Life sucks right now for me, it seems like it's so incredibly boring. I'm just gonna drag through the next two weeks and get all of school and exams done. Then I'll leave town for Thunder Bay.
Seriously nothing's happening more than a plain schedule can hold. Small group ended this past Thursday. That was alright though, we went to Tim Horton's and mostly just talked. My Monday night group thing ended a couple of weeks ago and on top of that these past couple days I've been feeling a withdrawal from posting new things.

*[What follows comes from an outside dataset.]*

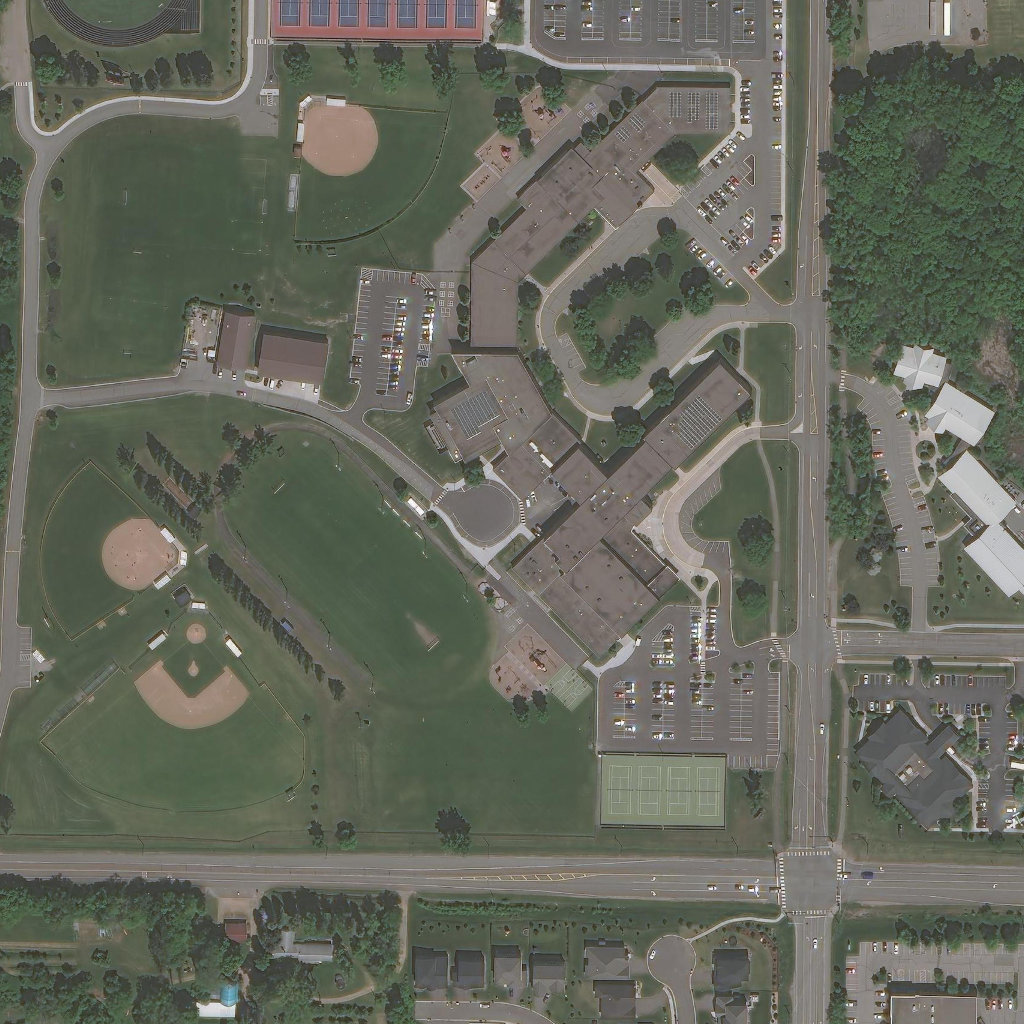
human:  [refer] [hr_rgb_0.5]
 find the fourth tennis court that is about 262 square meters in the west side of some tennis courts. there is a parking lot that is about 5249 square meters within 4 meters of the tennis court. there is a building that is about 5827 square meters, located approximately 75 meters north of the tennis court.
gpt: <box>[[67, 74, 70, 79, 0]]</box>

I spend too much time on pointless things like guitar hero, and the wrost thing is I'm behind on my devos, which is definitely the worst of it even though it doesn't like any one thing is making me feel this way.
For a day or two I'd like to shut the world off and put myself in a small comfortable corner so I can be by myself and read Prince Caspian before I see it this Wednesday(?).
I'll be alright, I just need some more time,
ggirl
1 comment:
i seriously empathize. most days i thank God and feel incredibly grateful that my life is void of a lot of the turbulence/"excitement" others face. other days i look at my life and think "is this it...??"
and time goes by so quickly, chica. i feel like so many ppl my age are doing so much more than i am - exciting, challenging, fulfilling things. i feel like i just pass through each day and that's pretty much it. kinda sucks.
what sucks more is that i don't know how to change that.